Baton: Explicit Semantic Blueprints for Joint Video-Audio Generation
Abstract Overview
Baton is a joint video-audio generation framework that adds an explicit semantic planning stage before diffusion-based synthesis. The method uses a VA-Planner, built on a multimodal language model with dual semantic alignment towers, to generate semantically aligned video and audio planned tokens that act as keyframe-level blueprints. These planned tokens are injected into a dual-branch diffusion transformer, while a Relative Semantic RoPE mechanism aligns the semantic tokens with diffusion latents despite mismatched spatial-temporal grids. Across benchmark and ablation studies, the paper argues that this explicit planning improves stability, prompt following, and cross-modal synchronization, especially for prompts that require multi-step semantic reasoning.
Novelty
The paper presents Baton as the first joint video-audio generation framework to explicitly disentangle semantic planning from synthesis. Its distinctive components are the VA-Planner for producing modality-aware yet mutually aligned planned tokens and Relative Semantic RoPE for aligning those semantic plans with heterogeneous video and audio diffusion latents.
Results
On Verse-Bench, Baton is reported to achieve performance comparable to strong open-source baselines on simpler prompts, while on the more complex Sem100 benchmark it shows clearer gains.

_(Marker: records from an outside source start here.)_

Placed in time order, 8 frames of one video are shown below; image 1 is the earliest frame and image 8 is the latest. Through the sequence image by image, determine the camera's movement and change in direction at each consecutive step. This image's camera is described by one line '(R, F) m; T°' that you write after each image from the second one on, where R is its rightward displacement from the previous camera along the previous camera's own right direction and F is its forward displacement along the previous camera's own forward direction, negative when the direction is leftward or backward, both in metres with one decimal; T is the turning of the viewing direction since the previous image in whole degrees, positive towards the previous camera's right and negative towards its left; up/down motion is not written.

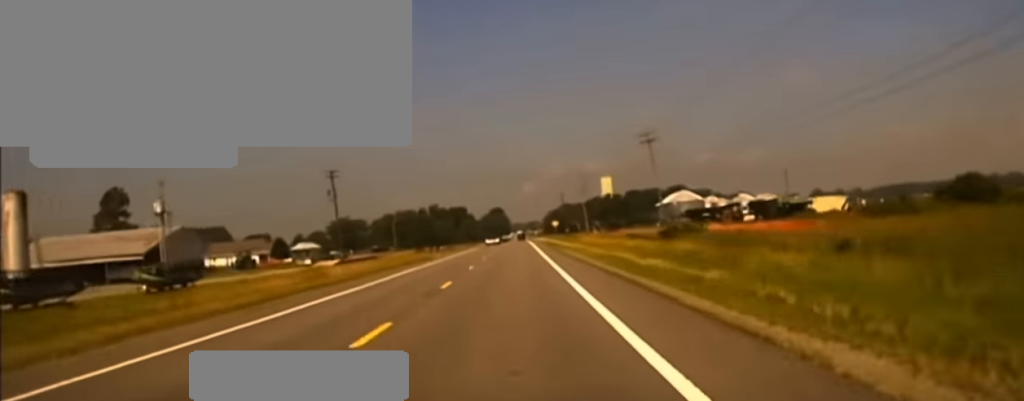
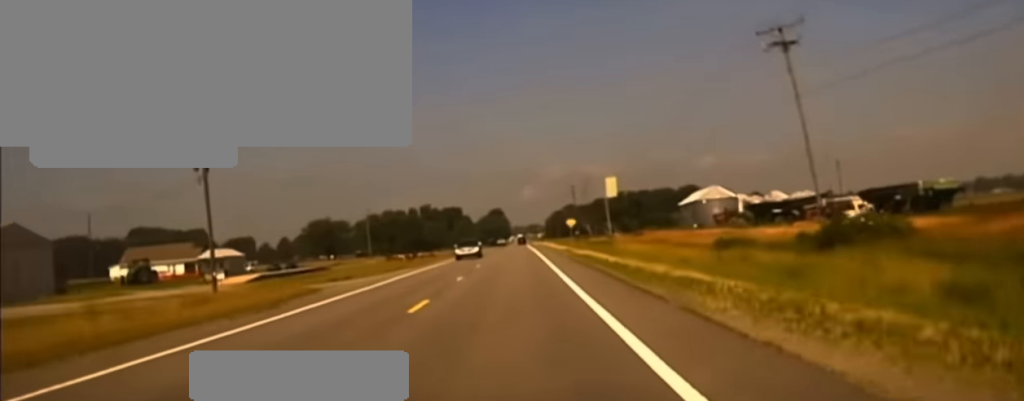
(0.0, +53.4) m; 0°
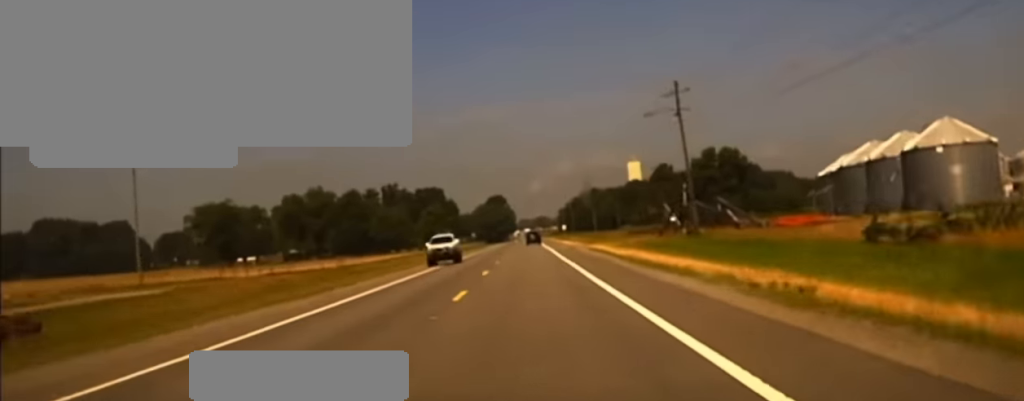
(-1.1, +149.2) m; -1°
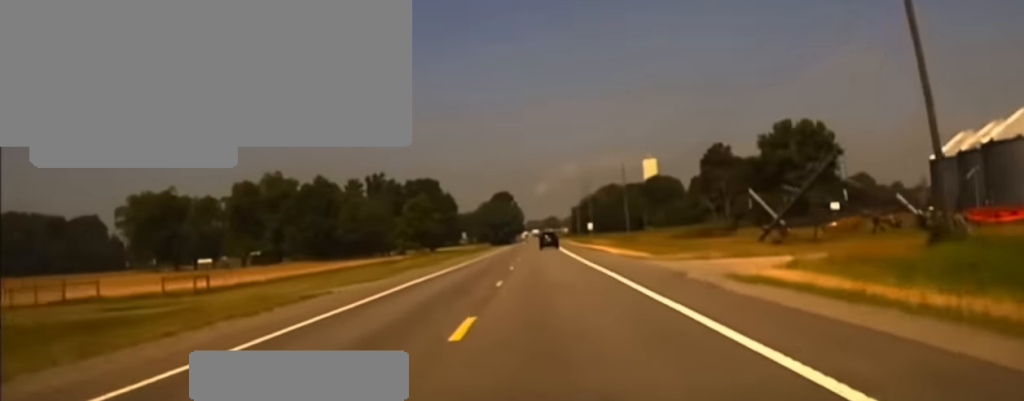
(-0.1, +36.3) m; 0°
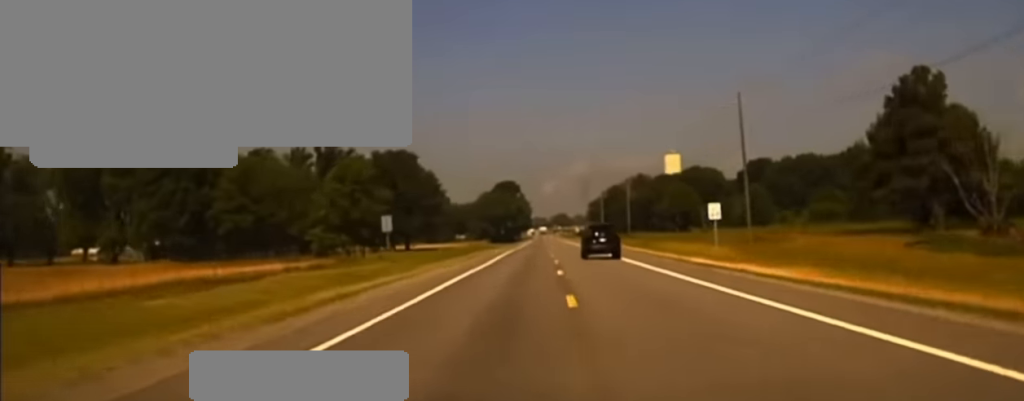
(-0.3, +51.9) m; 0°
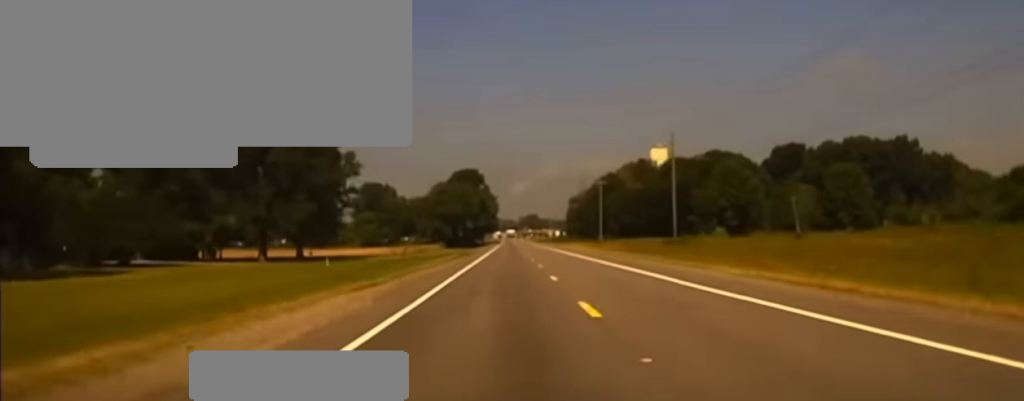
(+0.4, +60.4) m; +1°
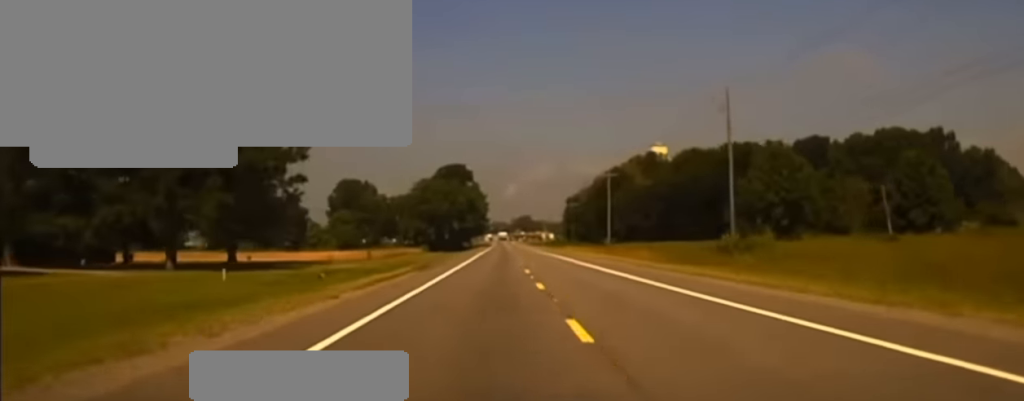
(+0.2, +26.0) m; +1°
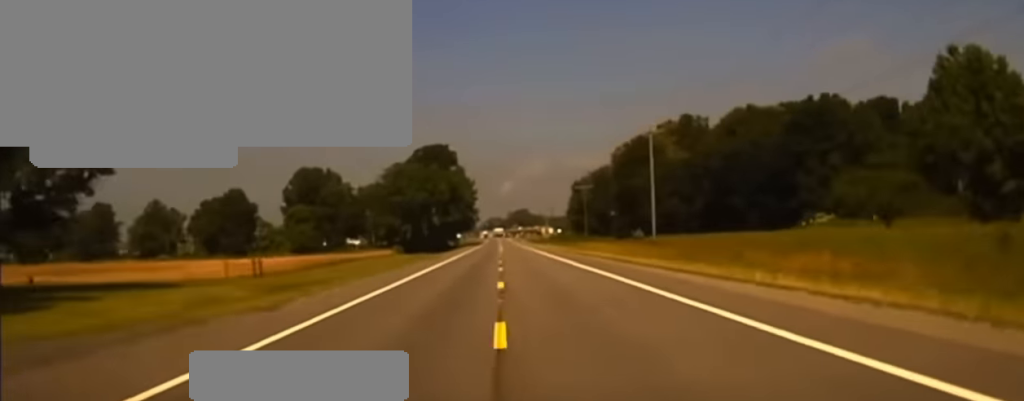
(+0.6, +51.1) m; +1°
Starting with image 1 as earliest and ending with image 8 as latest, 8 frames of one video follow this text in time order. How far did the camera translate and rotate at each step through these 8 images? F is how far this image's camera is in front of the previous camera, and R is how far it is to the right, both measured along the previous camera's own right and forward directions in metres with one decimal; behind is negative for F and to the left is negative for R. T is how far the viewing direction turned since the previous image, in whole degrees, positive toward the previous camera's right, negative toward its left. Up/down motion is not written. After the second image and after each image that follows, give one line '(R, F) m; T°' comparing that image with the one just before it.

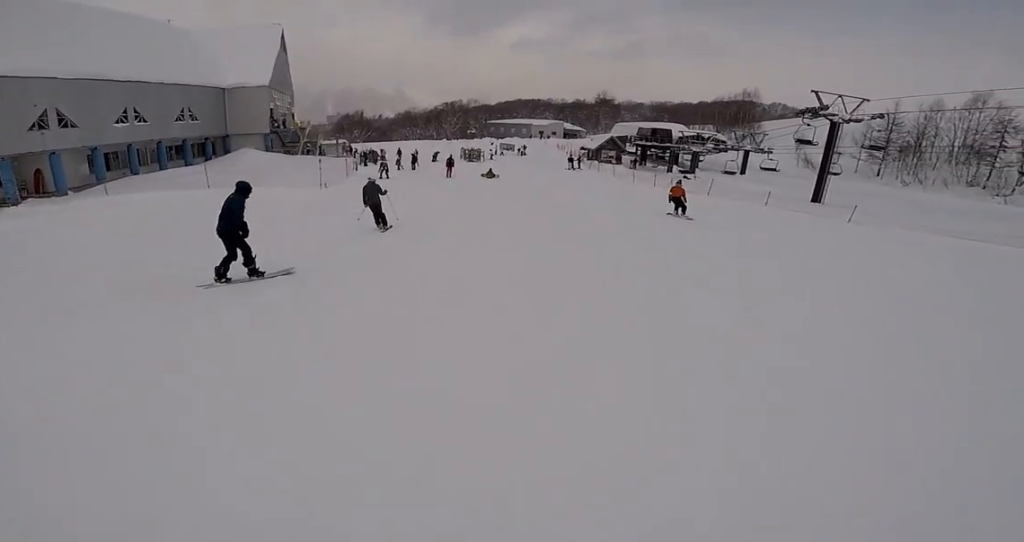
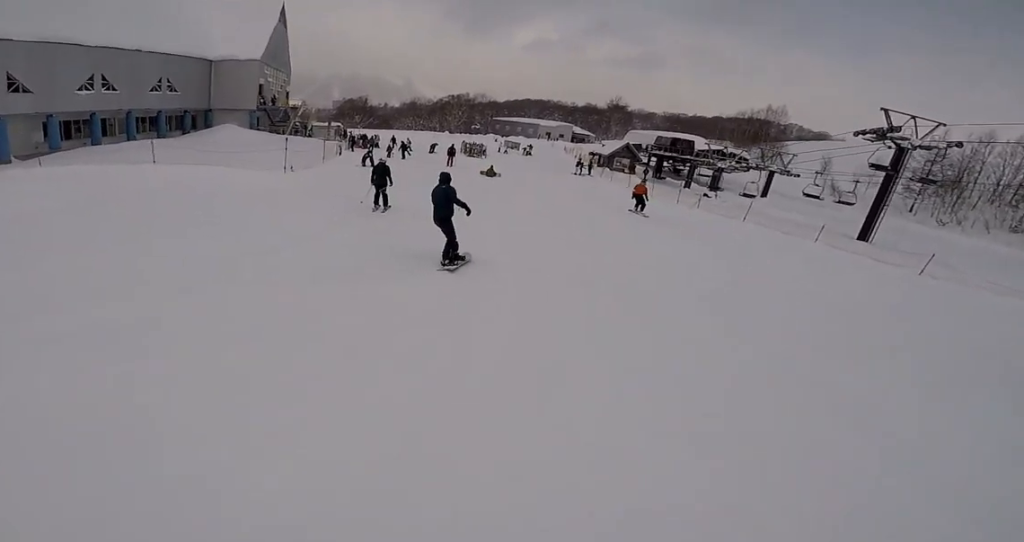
(-0.2, +4.0) m; -5°
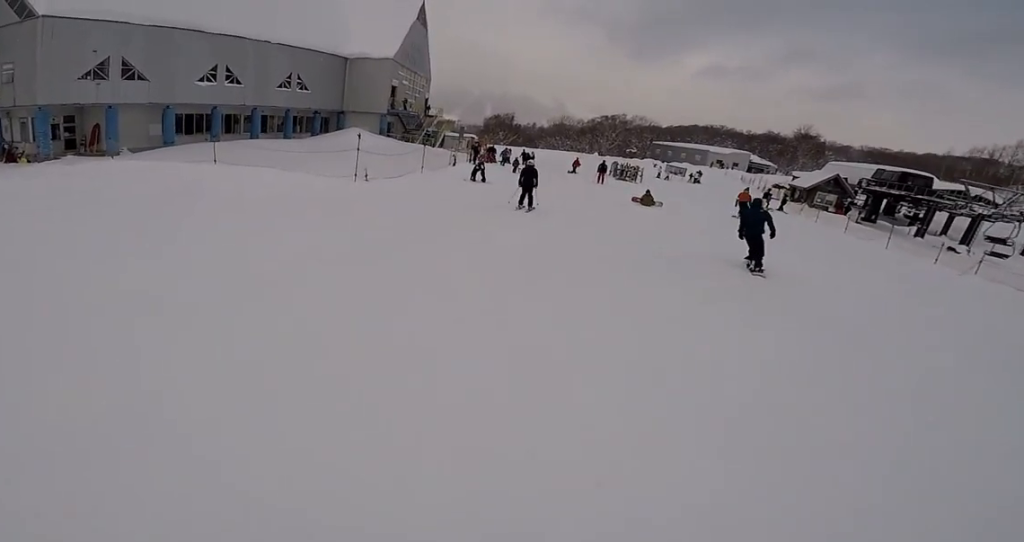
(-0.4, +6.2) m; +3°
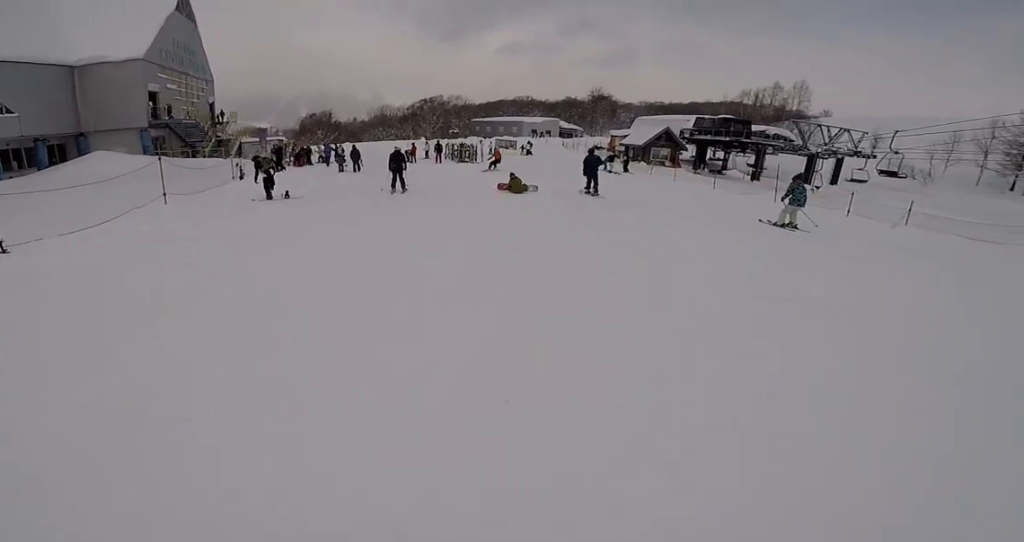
(+0.6, +6.5) m; +7°
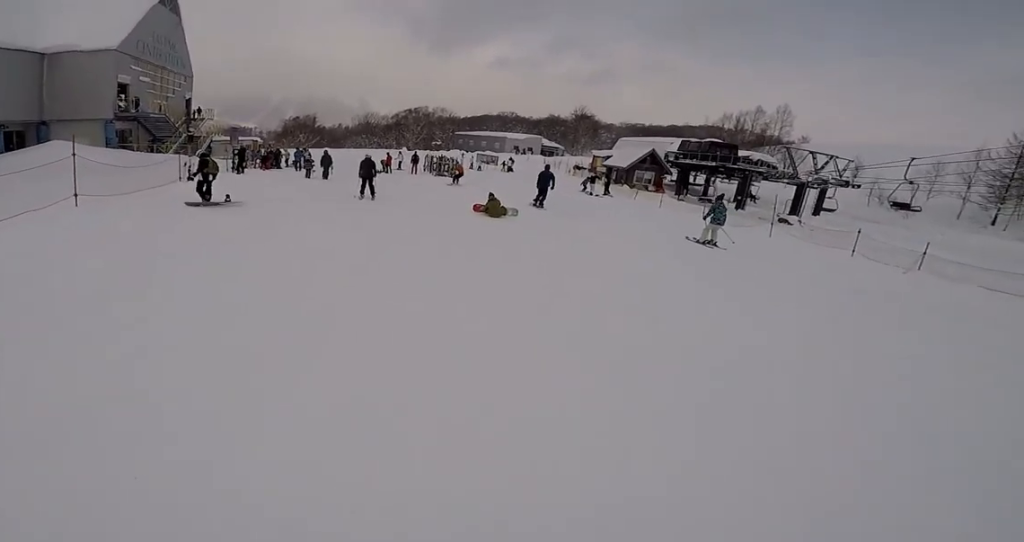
(0.0, +2.1) m; -8°
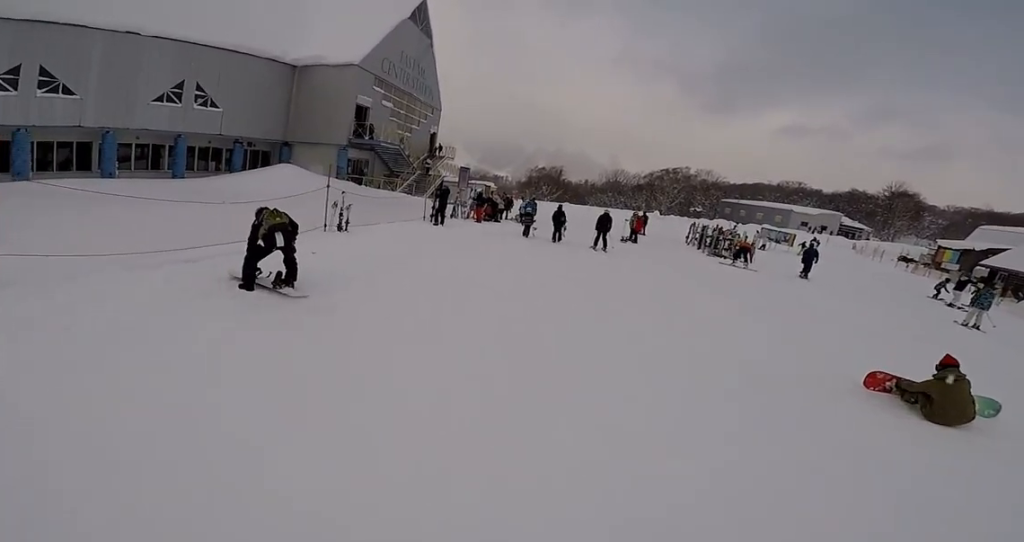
(-2.5, +7.6) m; -19°
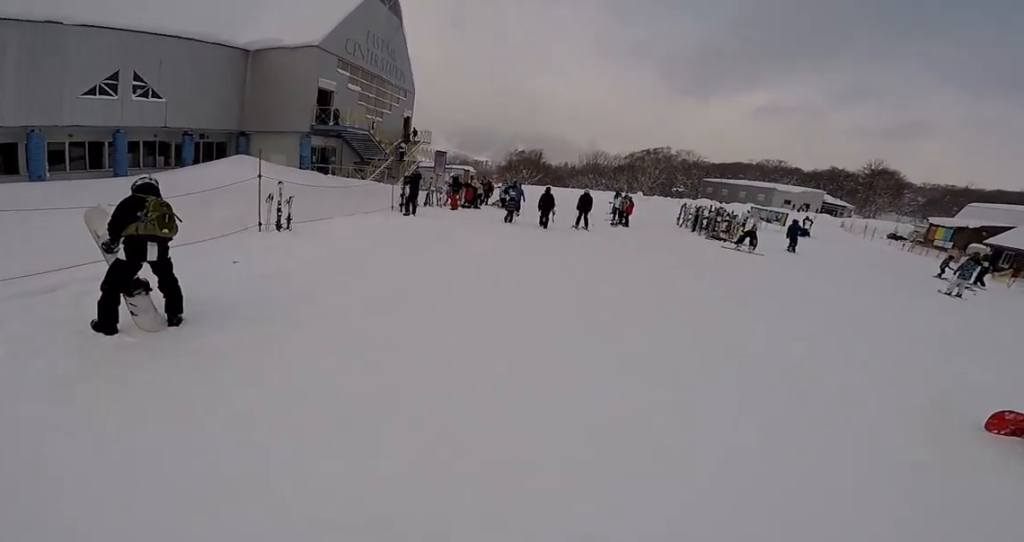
(0.0, +2.0) m; +5°
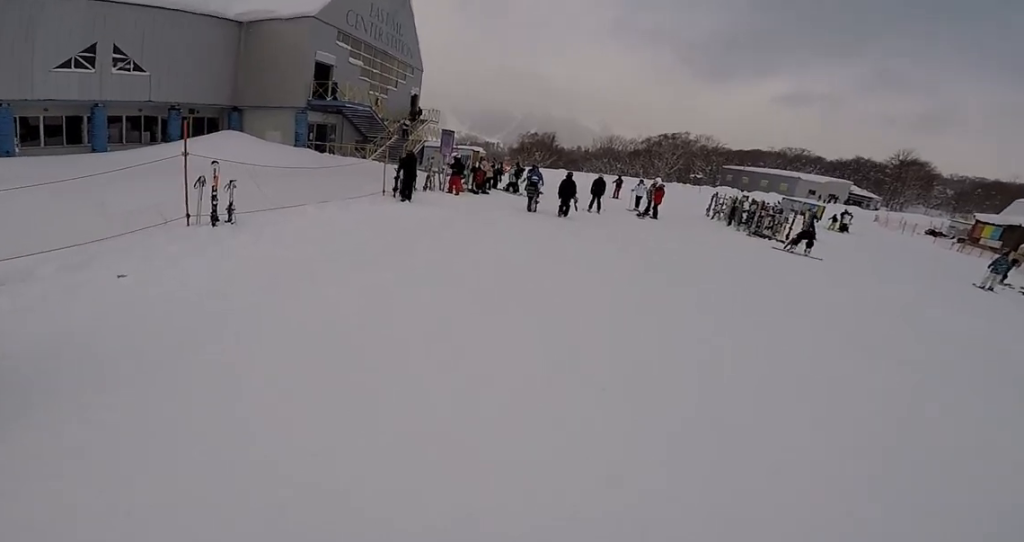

In particular, the paper reports improvements over LTX-2 on Sem100 of 32% in prompt accuracy, 76% in multi-speaker word error rate, and 30% in DeSync, with qualitative results and user studies also indicating more stable and synchronized outputs in complex scenes.
Key Points
- Baton introduces explicit semantic blueprints for joint video-audio generation by planning aligned video and audio tokens before denoising.
- The method combines a multimodal VA-Planner with dual semantic alignment towers and Relative Semantic RoPE to connect planned semantics to diffusion generation.
- Empirical results suggest the approach is especially beneficial for semantically complex prompts involving sequential actions, human-object interactions, and multi-speaker dialogue.